|
Sacha arrived at
the bar at the appointed hour in the full expectation that Hannah
would be late. Nonetheless, she couldn't bring herself to be anything
other than on time: call it pathological, but she just hated to
be late for anything. Even if it meant waiting.
Watching the Saturday
traffic slowly drag down Brunswick Street, she expected Hannah to
be very late indeed: only a few weeks ago Sacha had been watching
from a tram stop as a tram inched its way down the narrow, crowded
road: only a few hundred metres, and it took it several minutes
to make the distance. She watched a tram now do the same thing,
but at least the slow-moving traffic made it easy to cross the road.

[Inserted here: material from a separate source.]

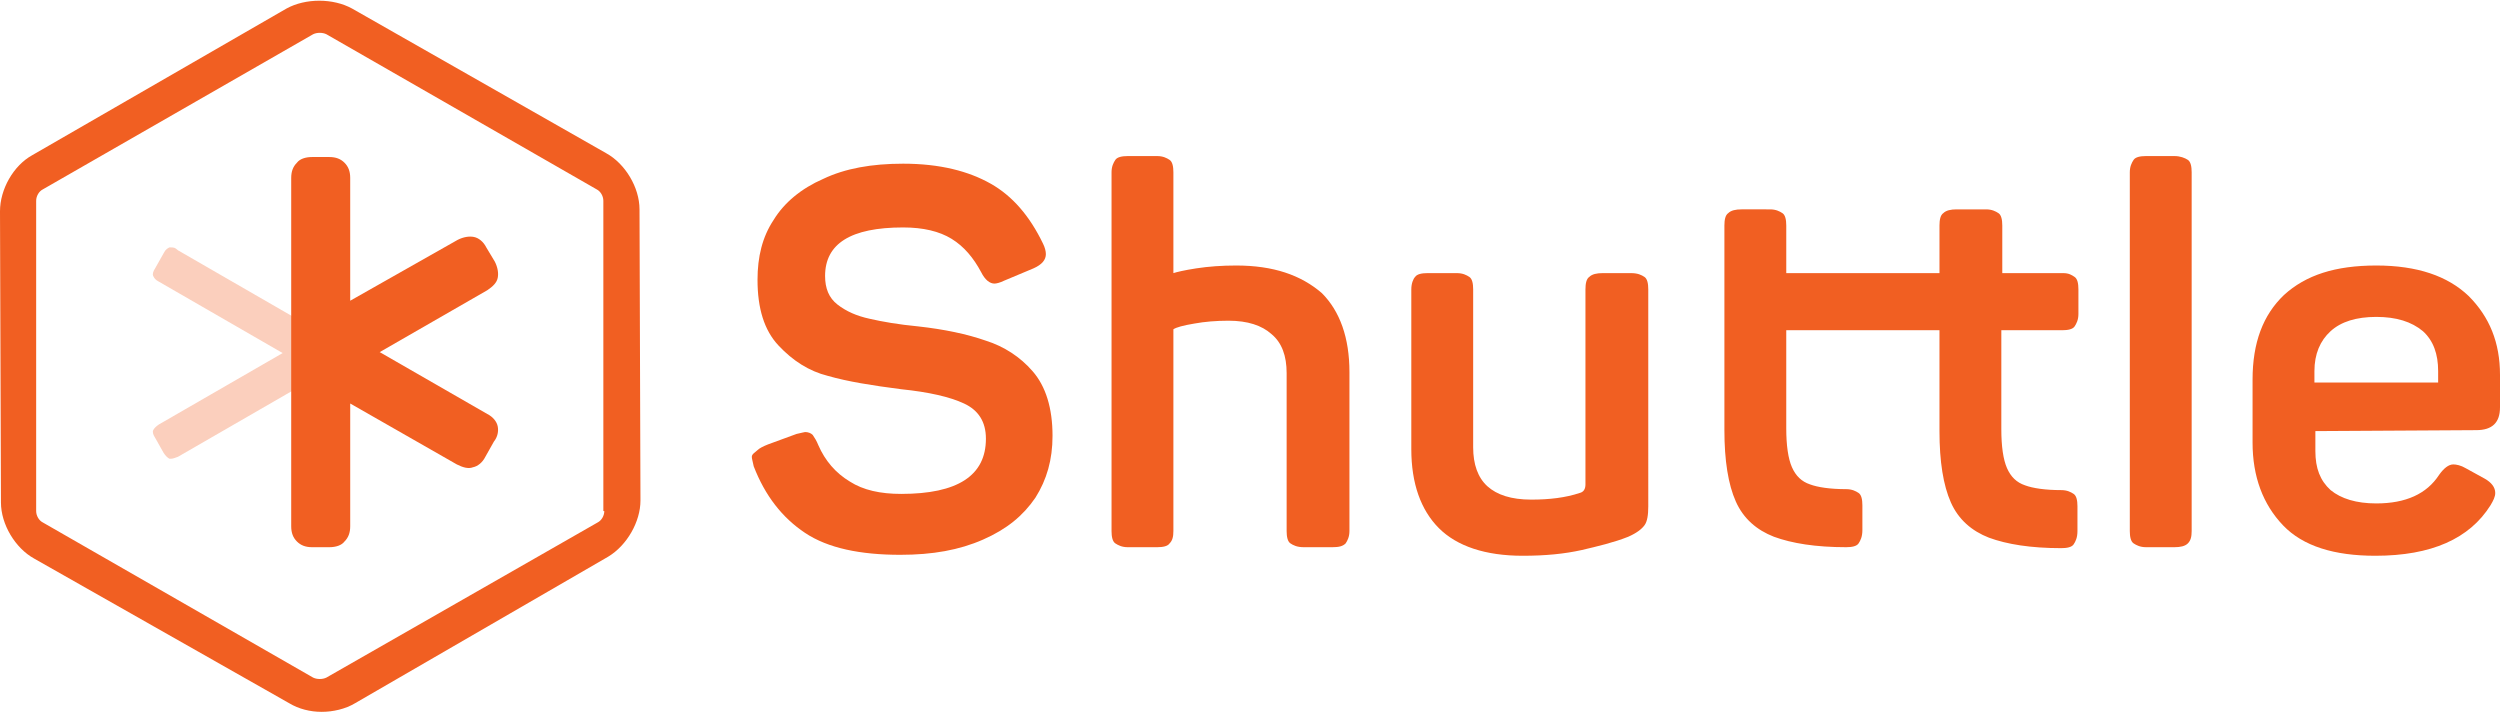<svg xmlns="http://www.w3.org/2000/svg" xmlns:xlink="http://www.w3.org/1999/xlink" id="Layer_2" x="0px" y="0px" viewBox="0 0 262.7 74.8" style="enable-background:new 0 0 262.7 74.8;" xml:space="preserve"><style type="text/css">	.st0{fill:#F15F22;}	.st1{opacity:0.3;fill:#F15F22;enable-background:new    ;}</style><g id="Layer_1-2">	<g>		<path class="st0" d="M103.6,35.8c-2-0.7-4.4-1.2-7.1-1.5c-2.1-0.2-3.8-0.5-5.1-0.8C90,33.2,88.9,32.7,88,32   c-0.9-0.7-1.3-1.7-1.3-3c0-3.4,2.7-5.1,8.2-5.1c2.1,0,3.8,0.4,5.1,1.2s2.3,2,3.1,3.5c0.4,0.8,0.9,1.2,1.4,1.2c0.2,0,0.6-0.1,1-0.3   l3.1-1.3c0.9-0.4,1.3-0.9,1.3-1.5c0-0.3-0.1-0.7-0.3-1.1c-1.4-2.9-3.2-5-5.5-6.3s-5.3-2.1-9.2-2.1c-3.3,0-6.1,0.5-8.4,1.6   c-2.3,1-4.1,2.5-5.2,4.3c-1.2,1.8-1.7,3.9-1.7,6.3c0,3,0.7,5.3,2.2,6.9S85,39,87,39.5c2.1,0.6,4.6,1,7.7,1.4   c2.9,0.3,5.1,0.8,6.6,1.5s2.3,1.9,2.3,3.7c0,3.9-3,5.8-8.9,5.8c-2.2,0-4-0.4-5.4-1.3c-1.5-0.9-2.6-2.2-3.3-3.8   c-0.2-0.5-0.4-0.8-0.6-1.1c-0.2-0.2-0.5-0.3-0.8-0.3c-0.1,0-0.4,0.1-0.9,0.2l-3,1.1c-0.5,0.2-0.9,0.4-1.1,0.6S79,47.7,79,48   c0,0.2,0.1,0.5,0.2,1c1.2,3.1,3,5.4,5.4,7s5.8,2.3,10,2.3c3.4,0,6.2-0.5,8.7-1.6s4.2-2.5,5.5-4.4c1.2-1.9,1.8-4,1.8-6.5   c0-2.9-0.7-5.2-2.1-6.8C107.2,37.5,105.5,36.4,103.6,35.8"></path>		<path class="st0" d="M129.9,27.9c-1.5,0-2.9,0.1-4.2,0.3s-2.1,0.4-2.4,0.5V18.1c0-0.6-0.1-1.1-0.4-1.3s-0.7-0.4-1.3-0.4h-3.1   c-0.6,0-1.1,0.1-1.3,0.4c-0.2,0.3-0.4,0.7-0.4,1.3v37.7c0,0.6,0.1,1.1,0.4,1.3s0.7,0.4,1.3,0.4h3.1c0.6,0,1.1-0.1,1.3-0.4   c0.3-0.3,0.4-0.7,0.4-1.3V34.6c0.3-0.2,1-0.4,2.2-0.6c1.1-0.2,2.3-0.3,3.6-0.3c2,0,3.5,0.5,4.5,1.4c1.1,0.9,1.6,2.3,1.6,4.1v16.6   c0,0.6,0.1,1.1,0.4,1.3s0.7,0.4,1.4,0.4h3c0.7,0,1.1-0.1,1.4-0.4c0.2-0.3,0.4-0.7,0.4-1.3V39.1c0-3.6-1-6.4-2.9-8.3   C136.7,28.9,133.8,27.9,129.9,27.9"></path>		<path class="st0" d="M171.4,28.7h-3c-0.6,0-1.1,0.1-1.4,0.4c-0.3,0.2-0.4,0.7-0.4,1.3v20.5c0,0.5-0.2,0.8-0.6,0.9   c-1.5,0.5-3.2,0.7-5.1,0.7c-2.1,0-3.6-0.5-4.6-1.4c-1-0.9-1.5-2.3-1.5-4.1V30.4c0-0.6-0.1-1.1-0.4-1.3s-0.7-0.4-1.3-0.4H150   c-0.6,0-1.1,0.1-1.3,0.4c-0.2,0.2-0.4,0.7-0.4,1.3v16.8c0,3.6,1,6.4,2.9,8.3c1.9,1.9,4.9,2.9,8.8,2.9c2.4,0,4.4-0.2,6.2-0.6   c1.7-0.4,3.4-0.8,4.9-1.4c0.9-0.4,1.4-0.8,1.7-1.2c0.3-0.4,0.4-1.1,0.4-2V30.4c0-0.6-0.1-1.1-0.4-1.3S172.1,28.7,171.4,28.7"></path>		<path class="st0" d="M216.8,28.7h-6.4v-5c0-0.6-0.1-1.1-0.4-1.3s-0.7-0.4-1.3-0.4h-3.1c-0.6,0-1.1,0.1-1.4,0.4   c-0.3,0.2-0.4,0.7-0.4,1.3v5h-16.1v-5c0-0.6-0.1-1.1-0.4-1.3s-0.7-0.4-1.3-0.4H183c-0.6,0-1.1,0.1-1.4,0.4   c-0.3,0.2-0.4,0.7-0.4,1.3v21.5c0,3.2,0.4,5.7,1.2,7.5c0.8,1.8,2.2,3,4,3.7c1.9,0.7,4.4,1.1,7.6,1.1c0.6,0,1.1-0.1,1.3-0.4   s0.4-0.7,0.4-1.4v-2.6c0-0.6-0.1-1.1-0.4-1.3s-0.7-0.4-1.3-0.4c-1.7,0-3-0.2-3.8-0.5c-0.9-0.3-1.5-0.9-1.9-1.8   c-0.4-0.9-0.6-2.3-0.6-4.1V34.7h16.1v10.6c0,3.2,0.4,5.7,1.2,7.5c0.8,1.8,2.2,3,4,3.7c1.9,0.7,4.4,1.1,7.6,1.1   c0.6,0,1.1-0.1,1.3-0.4s0.4-0.7,0.4-1.4v-2.6c0-0.6-0.1-1.1-0.4-1.3s-0.7-0.4-1.3-0.4c-1.7,0-3-0.2-3.8-0.5   c-0.9-0.3-1.5-0.9-1.9-1.8c-0.4-0.9-0.6-2.3-0.6-4.1V34.7h6.4c0.6,0,1.1-0.1,1.3-0.4c0.2-0.3,0.4-0.7,0.4-1.3v-2.6   c0-0.6-0.1-1.1-0.4-1.3S217.4,28.7,216.8,28.7"></path>		<path class="st0" d="M228.5,16.4h-3c-0.6,0-1.1,0.1-1.3,0.4s-0.4,0.7-0.4,1.3v37.7c0,0.6,0.1,1.1,0.4,1.3s0.7,0.4,1.3,0.4h3   c0.6,0,1.1-0.1,1.4-0.4c0.3-0.3,0.4-0.7,0.4-1.3V18.1c0-0.6-0.1-1.1-0.4-1.3S229.1,16.4,228.5,16.4"></path>		<path class="st0" d="M243.2,39c0-1.8,0.6-3.2,1.7-4.2s2.7-1.5,4.8-1.5s3.7,0.5,4.9,1.5c1.1,1,1.6,2.4,1.6,4.2v1.2h-13V39z    M260.2,45.2c1.7,0,2.5-0.8,2.5-2.4v-3.4c0-3.4-1.1-6.1-3.3-8.3c-2.2-2.1-5.4-3.2-9.7-3.2s-7.4,1-9.7,3.1c-2.2,2.1-3.3,5-3.3,8.9   v6.6c0,3.6,1.1,6.5,3.2,8.7c2.1,2.2,5.4,3.2,9.7,3.2c5.9,0,9.9-1.8,12.1-5.3c0.3-0.5,0.5-0.9,0.5-1.3c0-0.6-0.4-1.1-1.1-1.5   l-2-1.1c-0.5-0.3-1-0.4-1.3-0.4c-0.5,0-1,0.4-1.5,1.1c-1.3,2-3.5,3-6.6,3c-2.1,0-3.7-0.5-4.8-1.4c-1.1-1-1.6-2.3-1.6-4.1v-2.1   L260.2,45.2L260.2,45.2z"></path>		<path class="st1" d="M18,26c-0.1,0-0.1,0-0.2,0c-0.2,0.1-0.4,0.2-0.6,0.6l-0.9,1.6c-0.2,0.3-0.3,0.6-0.2,0.8s0.2,0.4,0.6,0.6   l13,7.5l-13,7.5c-0.3,0.2-0.5,0.4-0.6,0.6s0,0.5,0.2,0.8l0.9,1.6c0.2,0.3,0.4,0.5,0.6,0.6c0,0,0.1,0,0.2,0c0.2,0,0.4-0.1,0.7-0.2   l13-7.5v-6.7l-13-7.5C18.4,26,18.2,26,18,26"></path>		<path class="st0" d="M52.3,44.8c-0.1-0.5-0.5-1-1.1-1.3L39.9,37l11.3-6.5c0.6-0.4,1-0.8,1.1-1.3c0.1-0.5,0-1.1-0.3-1.7L51.1,26   c-0.3-0.6-0.8-1-1.3-1.1c-0.5-0.1-1.1,0-1.7,0.3l-11.3,6.4V18.7c0-0.7-0.2-1.2-0.6-1.6c-0.4-0.4-0.9-0.6-1.6-0.6h-1.8   c-0.7,0-1.3,0.2-1.6,0.6c-0.4,0.4-0.6,0.9-0.6,1.6v36.6c0,0.7,0.2,1.2,0.6,1.6s0.9,0.6,1.6,0.6h1.8c0.7,0,1.3-0.2,1.6-0.6   c0.4-0.4,0.6-0.9,0.6-1.6V42.4L48,48.8c0.6,0.3,1.2,0.5,1.7,0.3c0.5-0.1,1-0.5,1.3-1.1l0.9-1.6C52.3,45.9,52.4,45.3,52.3,44.8"></path>		<path class="st0" d="M63.5,53.7c0,0.5-0.3,1-0.7,1.2L34.3,71.2c-0.4,0.2-1,0.2-1.4,0L4.5,54.9c-0.4-0.2-0.7-0.7-0.7-1.2V21.1   c0-0.5,0.3-1,0.7-1.2L32.9,3.6c0.4-0.2,1-0.2,1.4,0l28.4,16.3c0.4,0.2,0.7,0.7,0.7,1.2V53.7L63.5,53.7z M67.2,22   c0-2.3-1.5-4.8-3.5-5.9L37,0.9c-2-1.1-4.9-1.1-6.9,0L3.4,16.3c-2,1.1-3.4,3.6-3.4,5.9l0.1,30.6c0,2.3,1.5,4.8,3.5,5.9l26.8,15.2   c1,0.6,2.2,0.9,3.4,0.9h0c1.2,0,2.5-0.3,3.5-0.9l26.6-15.4c2-1.2,3.4-3.7,3.4-5.9C67.3,52.6,67.2,22,67.2,22z"></path>	</g></g></svg>

On reflection she didn't know whether Hannah would be riding the
112 down Brunswick Street or the number 96 down Nicholson Street
- the latter would make more sense, coming from Brunswick where
Hannah lived (Sacha could not understand why Brunswick Street passed
through the heart of Fitzroy and never went anywhere near Brunswick
itself) - but it was Hannah, she could be coming from anywhere.
There were no outside
tables at the bar at which Hannah had insisted they meet: a concession
to the season, perhaps, but the day was warm and intermittently
sunny - as had been the three days before it - and Sacha would have
enjoyed sitting outside. Instead she was forced to push open the
stiff door of the bar and enter the gloom within.
It was a stylish
gloom, to be sure: dim red lights illuminated the corners and plush
chairs and sofas loomed from the dark floor like rocks from an ocean
- but it was gloom, all the same, and Sacha had enough gloom in
her flat without seeking it out. That was one of the reasons she
wanted to move out: the electricity bill for lighting alone was
putting sizeable dent in her bank balance.
She went to the
bar and ordered a glass of orange juice - she didn't like to drink
alcohol before dark except on special occasions - and sat down in
a chair which gave way and started to envelope her. She was reminded
briefly of an old episode of Dr. Who she'd watched in her
childhood, Kate cowering behind the sofa of their parents' house,
before the chair finally settled into shape and she began to relax
into it, because the chair offered so little support that any stiffness
in her was punished by quickly accumulating pain. The whole place
made her think of Hannah, for some reason - and not just because
it was she who had arranged the meeting: it just seemed so like
her. Her kind of place. Do I know her so well already? thought
Sacha incredulously.
She looked around,
watchful as ever of her surroundings: there were a few other people
in the bar, not quite a crowd, not quite a gathering. They were
all hunched in hushed and private conversation while music rustled
softly in the background. The barmaid - there only seemed to be
one - busied herself wiping down the bar, lifting bottles and other
containers up one-by-one to wipe a cloth underneath them. The place
was very quiet, almost strictly quiet: it was like a library, thought
Sacha - a library with alcohol.
She heard the strike
of a match, and turned her head: when she'd been a very little girl
her mother had told her not to stare, but nowadays she stared -
and glared - whenever she thought there was due cause. The
blue smoke of a hand-rolled cigarette seemed, to her, to be an invitation
for an angry glare - but the man who'd lit the thing didn't notice.
He was too busy talking, flirting, with a much younger woman who
was seated next to him. Sometimes Sacha liked the anonymity of being
one person in a city of millions; sometimes, she didn't.
She heard the door creak open, but lost in thought she barely paid
it any heed. But she was shaken out of her daydream when she heard
a low, soft voice say warmly: "Sacha!"